Sur les conclusions de la société Editions Larousse tendant à ce que Mme B...soit déclarée apte à son poste de chef de fabrication et, le cas échéant, à ce qu'une expertise médicale de Mme B...soit ordonnée avant-dire-droit :
6. Aux termes de l'article L. 911-2 du code de justice administrative: " Lorsque sa décision implique nécessairement qu'une personne morale de droit public ou un organisme de droit privé chargé de la gestion d'un service public prenne à nouveau une décision après une nouvelle instruction, la juridiction, saisie de conclusions en ce sens, prescrit, par la même décision juridictionnelle, que cette décision doit intervenir dans un délai déterminé ".
7. Les conclusions susvisées doivent être regardées comme des conclusions à fin d'injonction relevant du champ d'application des dispositions législatives précitées.
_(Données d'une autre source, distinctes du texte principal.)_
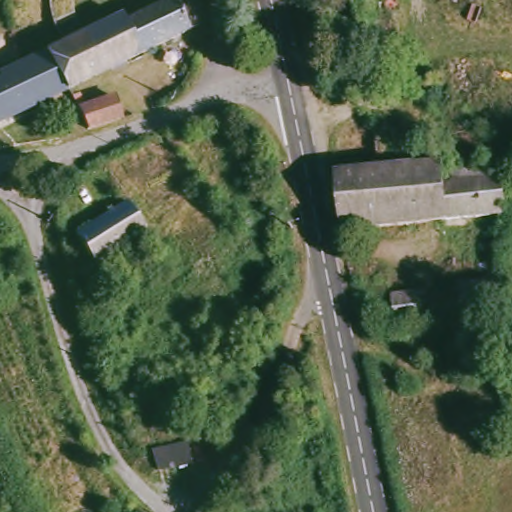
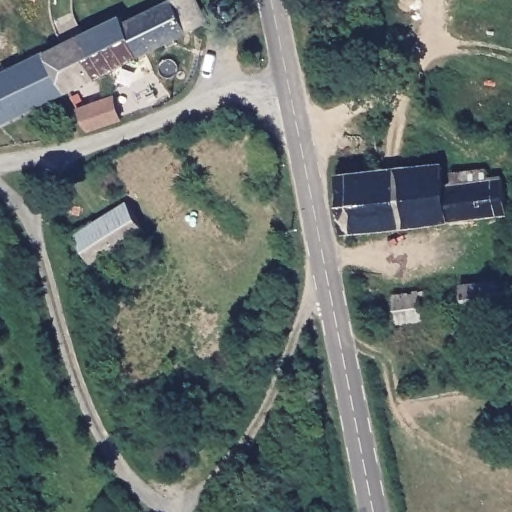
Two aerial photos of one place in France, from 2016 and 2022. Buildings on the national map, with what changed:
unchanged [(39,46),(110,12),(117,16),(153,0),(190,0),(198,19),(59,85),(39,46)]
unchanged [(0,114),(0,64),(10,59),(39,46),(59,85),(0,114)]
unchanged [(84,107),(115,98),(122,119),(90,128),(84,107)]
unchanged [(498,177),(502,213),(341,230),(333,173),(435,162),(440,182),(451,181),(450,170),(481,168),(484,178),(498,177)]
unchanged [(75,229),(86,221),(89,226),(128,202),(148,230),(98,260),(75,229)]
unchanged [(0,230),(0,210),(11,218),(0,230)]
unchanged [(423,292),(427,324),(394,328),(389,297),(423,292)]
unchanged [(485,303),(490,329),(459,334),(454,308),(485,303)]

Eu égard au motif d'annulation ci-dessus retenu, l'exécution du présent arrêt implique nécessairement que l'inspecteur du travail prenne, conformément aux dispositions du code du travail, une nouvelle décision quant à l'aptitude ou l'inaptitude de Mme B...à son poste de travail au sein de la société Editions Larousse.
8. Enfin, les conclusions complémentaires tendant à ce qu'une expertise médicale de Mme B... soit ordonnée avant-dire-droit doivent être rejetées comme ne relevant pas des pouvoirs dévolus au juge administratif, qui ne saurait se substituer à l'administration à qui il appartient de prendre une décision.
Sur les conclusions présentées sur le fondement de l'article L. 761-1 du code de justice administrative :
9. En vertu des dispositions de l'article L. 761-1 du code de justice administrative la Cour ne peut pas faire bénéficier la partie tenue aux dépens ou la partie perdante du paiement par l'autre partie des frais liés à l'instance ; dès lors, les conclusions présentées à ce titre par Mme B...doivent être rejetées.
10. Dans les circonstances de l'espèce, il n'apparaît pas inéquitable de laisser à la charge de la société Editions Larousse les frais liés à l'instance.
DÉCIDE :
Article 1er : Le jugement n° 1409202/3-2 du 20 octobre 2015 du Tribunal administratif de Paris est annulé.
Article 2 : La décision du ministre du travail, de l'emploi, de la formation professionnelle et du dialogue social du 27 mars 2014 est annulée.
Article 3 : Il est enjoint à l'inspecteur du travail de prendre, conformément aux dispositions du code du travail, une nouvelle décision quant à l'aptitude ou l'inaptitude de Mme B...à son poste de travail au sein de la société Editions Larousse.
Article 4 : Il n'y a pas lieu de statuer sur les conclusions à fin d'appel incident présentées par Mme B....
Article 5 : Le présent arrêt sera notifié à la société Editions Larousse, à la ministre du travail et à Mme A...B....
Délibéré après l'audience du 12 juin 2017, à laquelle siégeaient :
- M. Lapouzade, président,
- M. Luben, président assesseur,
- Mme Bernard, premier conseiller.
Lu en audience publique, le 3 juillet 2017.
Le rapporteur,
I. LUBENLe président,
J. LAPOUZADELe greffier,
Y. HERBERLa République mande et ordonne à la ministre du travail en ce qui la concerne ou à tous huissiers de justice à ce requis en ce qui concerne les voies de droit commun contre les parties privées, de pourvoir à l'exécution de la présente décision.